Tuesday, November 06, 2012

My Personal Mission: Read Mine, Develop Your Own


My mission is to encourage creativity in all walks of life in order to build bridges and help solve what seemed, in the past, to be intractable problems in human relations, technology, economics, politics, and in one’s sense of self and destiny. Creativity, coupled with action and hard work, can, with luck and perseverance, open doors and expand access to education, economic life, and social groups, in order to strengthen one’s ability to have a purposeful, enfranchised, examined, and courageous life.

How do I actualize my mission and vision?
Tactic One:  List and Describe Core Values

Creativity:  I like the way that thinking creatively requires the willingness to put unexpected things together, and to look at a set of things, circumstances, or concepts from multiple perspectives.  Sometimes it’s necessary to explore biases and blind spots in order to avoid confusing the status quo with the truly creative, or simply using new ways to reinforce old biases.
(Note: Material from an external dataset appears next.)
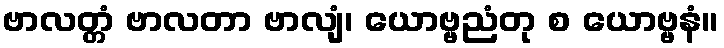
ဗာလတ္တံ ဗာလတာ ဗာလျံ၊ ယောဗ္ဗညံတု စ ယောဗ္ဗနံ။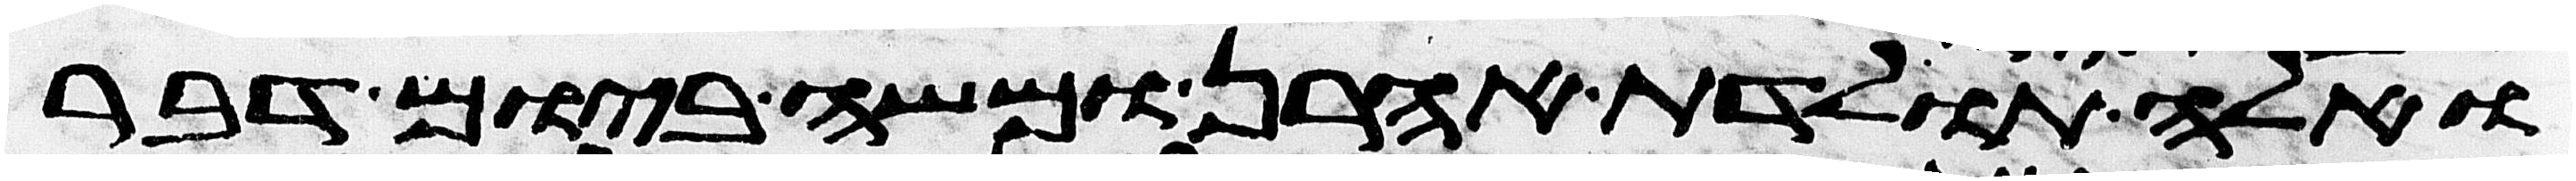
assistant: ואלה תולדת אהרן ומשה ביום דבר

Creativity, in the ultimate sense of the word, should be generative and life-supporting, as well as psychologically freeing.

Perseverance:  I value staying with a project until it’s done. If the project is on the wrong path, I think it is perfectly acceptable to drop it. Nevertheless, the ability to envision the outcome, and to stick with it, is something I have always respected.

Teamwork:  Working alone is efficient, at least for awhile. Teams are better. They bring energy, diverse perspectives, and multiple skillsets to a challenge, task, or problem. Being in a team is also vital for feeling enfranchised and that you have a sense of belonging.

Connecting the Previously Unconnected:  I like the idea of taking two or three things that never worked together and seeing how they might connect. It’s a great way to approach problems, and can lead to breakthroughs of engineering. It’s also a great way to energize a team or group problem-solving group – there are usually moments of absurdity and humor that encourage the open exchange of ideas and create a supportive, non-punitive atmosphere.


Tactic Two:  Describe the World as It Is Now, Describe Potential Vision for the Future (key example of this tactic: Dr. Martin Luther King, Jr.’s “I Have a Dream” speech)

I see the world as a place where, despite the eternal self-fashioning and energizing transformations of technology, commerce, and human invention, the majority of the world’s peoples still behave as though they were approaching end times, “slouching toward Bethlehem” (as in the great Yeats poem, “The Second Coming”), and they interpret the events and activities around them as signs of decline, rather than opportunities for creative, energizing, empowering growth.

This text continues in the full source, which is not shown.